Özetle, Çanakkale kırsalında ekoturizm projesi için tercihen özel mülkiyetli marjinal tarım arazileri veya uygun Hazine arazileri idealdir. Bu araziler ne tamamen bakir orman içinde ne de verimli tarım ovasında olmalı; insan kullanımına minimal mevcut değeri olan ancak doğal güzelliği bulunan arazi parçaları hedeflenmelidir. Yol erişimi olan, hukuki durumu temiz (tapuda sorun olmayan), çevresinde doğal ve kültürel çekicilikler barındıran arazi türleri projeyi başarıya ulaştırmada uygun zemin sağlayacaktır.
3. Gerekli İzinler, Belgeler ve Mevzuat Şartları
Ekoturizm projesinin hayata geçirilebilmesi için çeşitli kurum ve kuruluşlardan alınması gereken izinler ve karşılanması gereken yasal şartlar vardır. Proje; Tarım ve Orman Bakanlığı, Kültür ve Turizm Bakanlığı, Çevre, Şehircilik ve İklim Değişikliği Bakanlığı ile yerel idarelerin yetki alanına giren çok yönlü bir konudur. Aşağıda başlıca izin ve belge gereklilikleri listelenmiştir:
Tarım ve Orman Bakanlığı İzinleri: Proje arazisi tarım arazisi statüsünde ise, öncelikle Tarım ve Orman Bakanlığı’nın il müdürlüğünden “tarım dışı kullanım izni” alınmalıdır. Bu izin, Toprak Koruma Kurulu değerlendirmesi sonucunda verilir ve araziyi imara açmadan önce tarım vasfının resmi olarak kaldırılması anlamına gelir. Özellikle mutlak, sulu veya dikili tarım arazilerinde bu izni almak zordur; ancak marjinal tarım arazilerinde toprak kurulu uygun bulursa izin.Tarım arazisi izni genellikle, hazırlanan imar planının Tarım İl Müdürlüğü’ne sunulması ve arazinin sınıfının belirlenmesiyle eşzamanlı ilerler. Bakanlığın onayı olmadan tarım arazisine çivi çakılamaz.

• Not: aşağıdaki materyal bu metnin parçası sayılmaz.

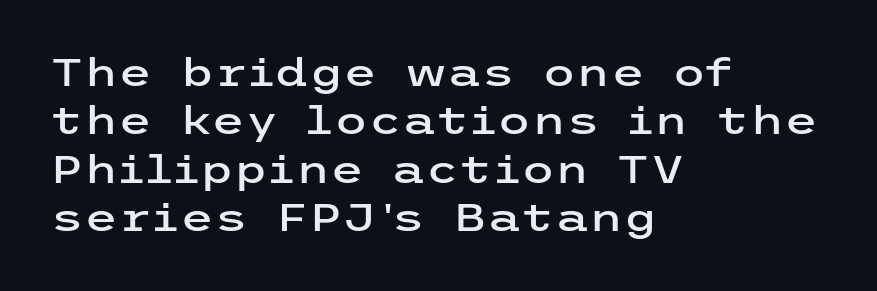
A typesetter would label this face a sans. Lines of text with bare space underneath. Vertical strokes here are truly vertical. What stands out about the letter spacing? Nothing — it is the standard amount.
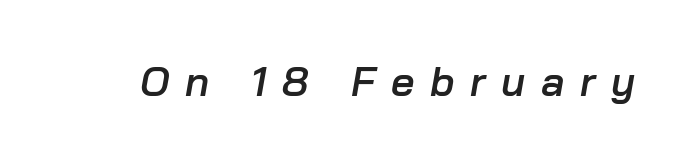
{"italic": "yes", "lean": "right", "slant_degrees": 10, "bold": "semi", "weight": "semibold", "width": "normal", "stroke_contrast": "low", "x_height": "medium", "monospaced": "no", "underline": "no", "letter_spacing": "wide", "letter_spacing_em": 0.38, "glyph_px": 41}
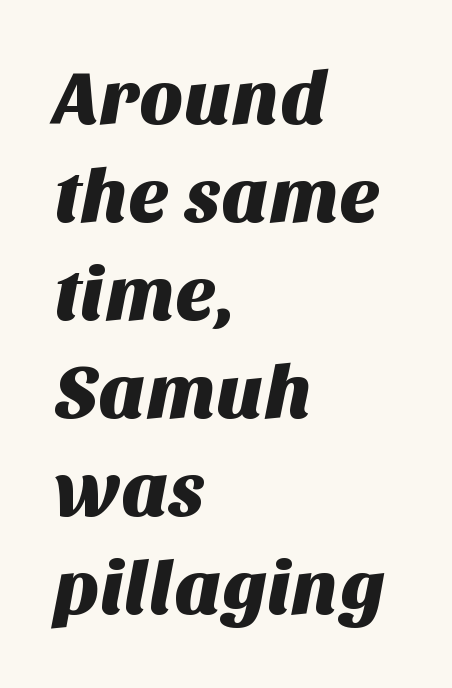
{"serif": "no", "width": "normal", "stroke_contrast": "medium", "x_height": "large", "monospaced": "no", "underline": "no", "align": "left", "line_spacing": "normal", "line_spacing_ratio": 1.29, "letter_spacing": "normal", "letter_spacing_em": 0.0, "glyph_px": 76}
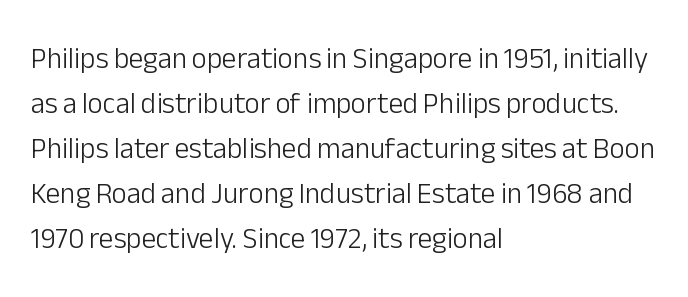
Q: Is the text bold? A: No.
Q: Is the text italic (slanted)? A: No, it is upright.
Q: Is the typeface a serif or a sans-serif typeface? A: Sans-serif.
Q: Is the text underlined? A: No.
Q: How is the paragraph aligned? A: Left-aligned.
Q: Is the spacing between letters normal or unusually wide? A: Normal.
Q: Is the spacing between lines tight, normal or loose? A: Normal.
Q: Width (condensed, normal, or wide)? A: Normal.
Q: Stroke contrast? A: Low.
Q: x-height? A: Medium.
Q: Monospaced? A: No.
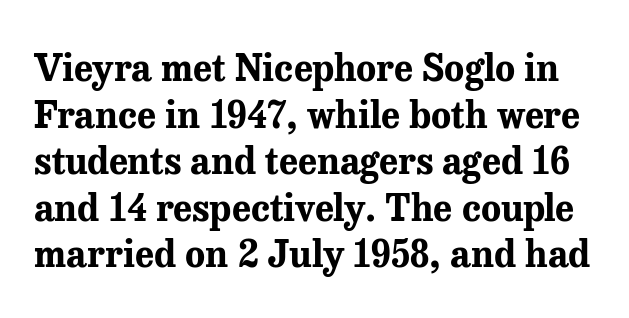
The image shows 37 px bold serif type, upright; set normal line spacing (1.26x), normal letter spacing, not underlined; medium stroke contrast and a medium x-height.
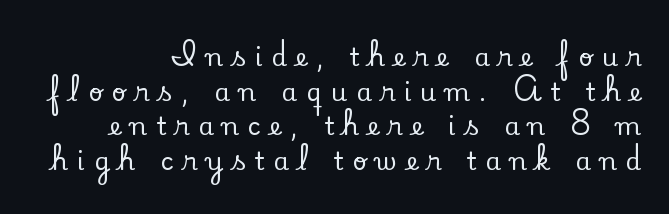
The image shows 25 px text type, upright; set right-aligned, normal line spacing (1.39x), unusually wide letter spacing (+0.36 em), not underlined.
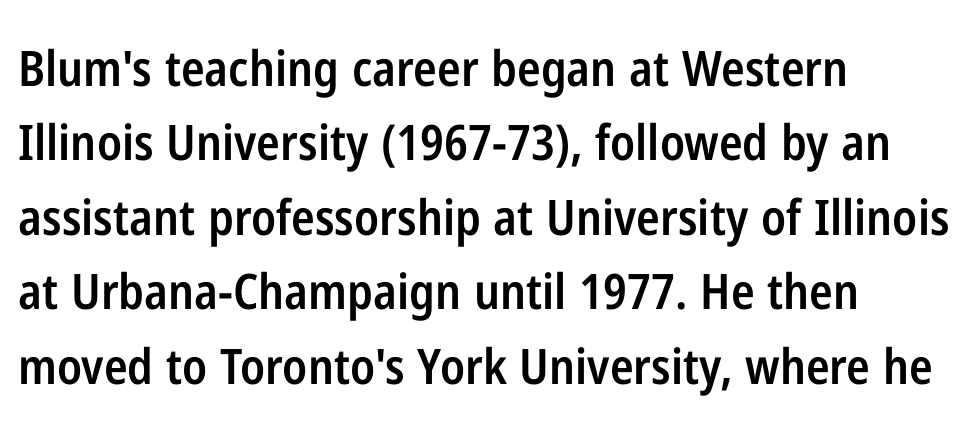
The image shows 49 px semibold, condensed sans-serif type, upright; set left-aligned, normal line spacing (1.52x), normal letter spacing, not underlined; low stroke contrast and a medium x-height.
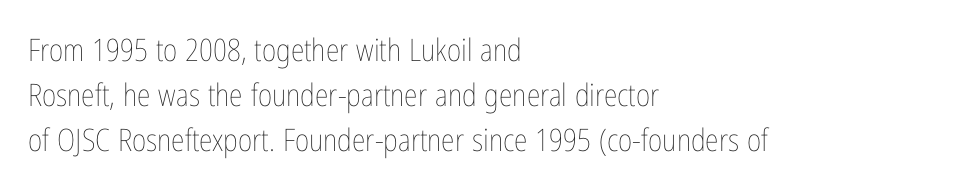
{"italic": "no", "bold": "no", "weight": "thin", "width": "condensed", "stroke_contrast": "low", "x_height": "medium", "monospaced": "no", "underline": "no", "align": "left", "line_spacing": "normal", "line_spacing_ratio": 1.45, "letter_spacing": "normal", "letter_spacing_em": 0.0, "glyph_px": 31}
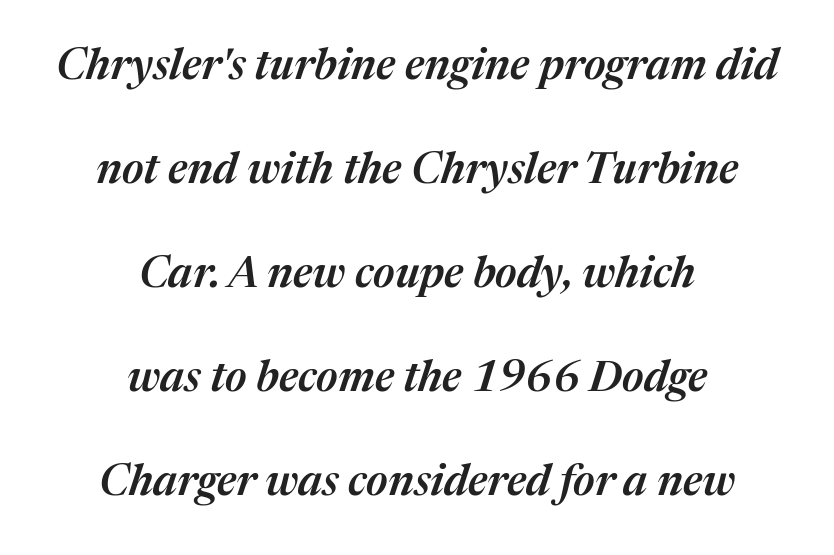
The image shows 43 px semibold type, italic (leaning right); set centered, loose line spacing (2.42x), normal letter spacing, not underlined; medium stroke contrast and a medium x-height.
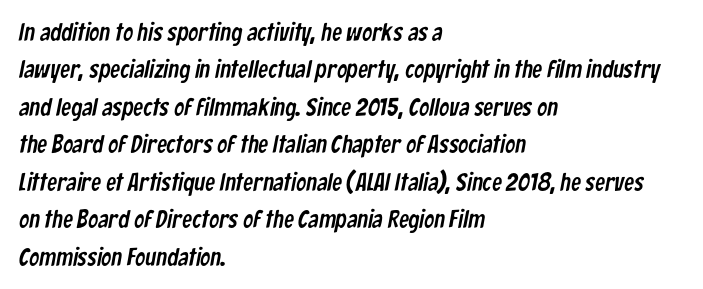
{"underline": "no", "align": "left", "line_spacing": "normal", "line_spacing_ratio": 1.5, "letter_spacing": "normal", "letter_spacing_em": 0.0, "glyph_px": 25}
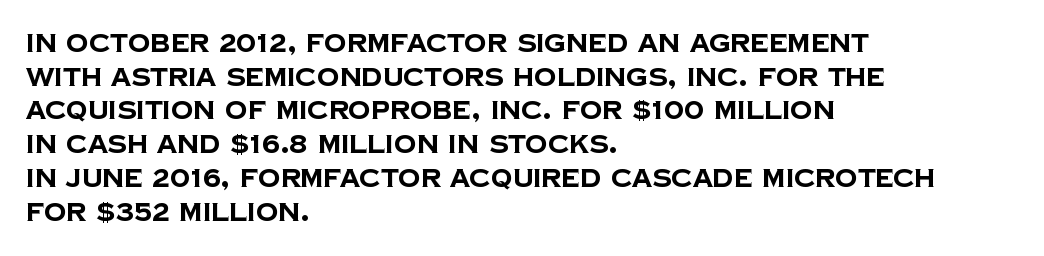
The image shows 25 px bold type; set left-aligned, normal line spacing (1.35x), normal letter spacing, not underlined.
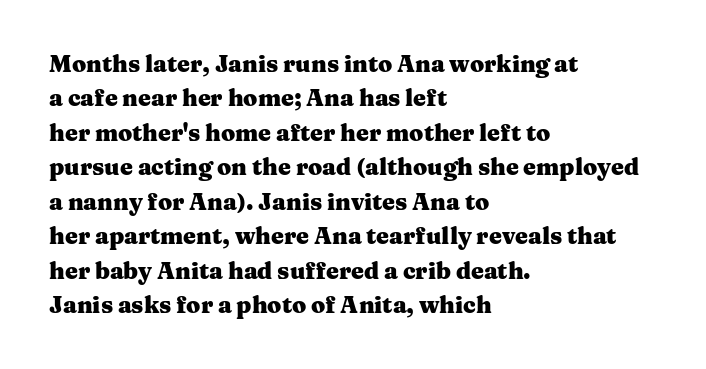
The image shows 23 px bold type, upright; set left-aligned, normal line spacing (1.5x), normal letter spacing, not underlined.
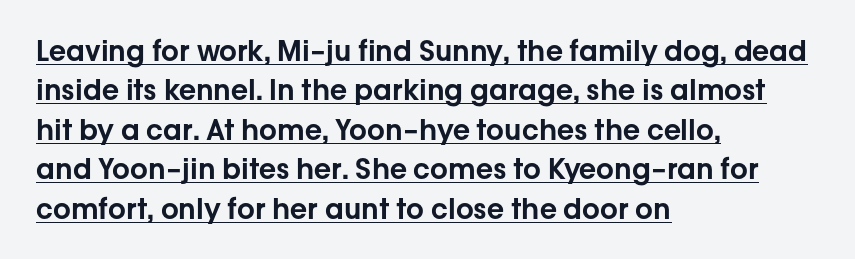
The image shows 28 px sans-serif type, upright; set left-aligned, normal line spacing (1.41x), normal letter spacing, underlined; low stroke contrast and a medium x-height.
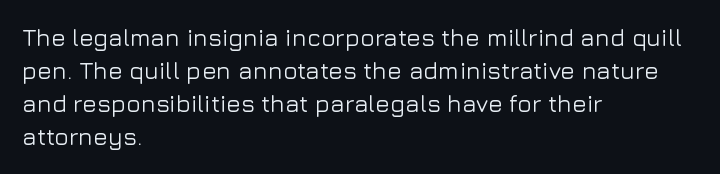
Q: Is the text italic (slanted)? A: No, it is upright.
Q: Is the text underlined? A: No.
Q: How is the paragraph aligned? A: Left-aligned.
Q: Is the spacing between letters normal or unusually wide? A: Normal.
Q: Is the spacing between lines tight, normal or loose? A: Normal.

Eğer proje arazisi mera ise, Mera Kanunu gereği tahsis amacı değişikliği izni alınarak meranın Hazine’ye devri ve imara açılması gerekir (zira mera, tarım arazisi dışında ayrı bir kategoridir). Bu, Tarım ve Orman Bakanlığı’na bağlı Mera Komisyonu kararıyla olur ve proje bedelinin bir kısmı mera ıslah fonuna aktarılabilir.
Proje alanı orman arazisi ise, Orman Genel Müdürlüğü’nden orman tahsis izni alınmalıdır. Orman tahsis izni, belirli bir bedel karşılığı (tahsis bedeli ve yıllık kullanım bedeli) orman sayılan arazinin turizm amaçlı kullanımına izin veren bir belgedir. 6831 sayılı kanunun 16. ve 17. maddeleri uyarınca orman alanında konaklama tesisi, kamp alanı vb. kurulabilir ancak proje dosyasının bakanlığa sunulması, çevresel etki açısından orman teşkilatının uygun görmesi şarttır. Bu izin, genellikle 49 yıllığına irtifak hakkı kurulması şeklinde verilir. Ayrıca inşaat öncesi ağaç kesimi gerekiyorsa bunun için de ayrı izin ve Orman’a bedel ödenmesi söz konusu olacaktır.
Not: Tarım/orman izinlerine ilişkin işlemler sırasında ilgili bakanlıkların il müdürlüklerinden “uygunluk görüşü” alınması gerekir. Örneğin Çanakkale İl Tarım ve Orman Müdürlüğü, proje planlarına bakarak “ekoturizm yapılmasında sakınca yoktur” yönünde görüş vermelidir. Nitekim bir örnekte İl Tarım Müdürlüğü, ekoturizm izni için arazinin planlanmasını ve projelerin onaylanmasını şart koşmuş.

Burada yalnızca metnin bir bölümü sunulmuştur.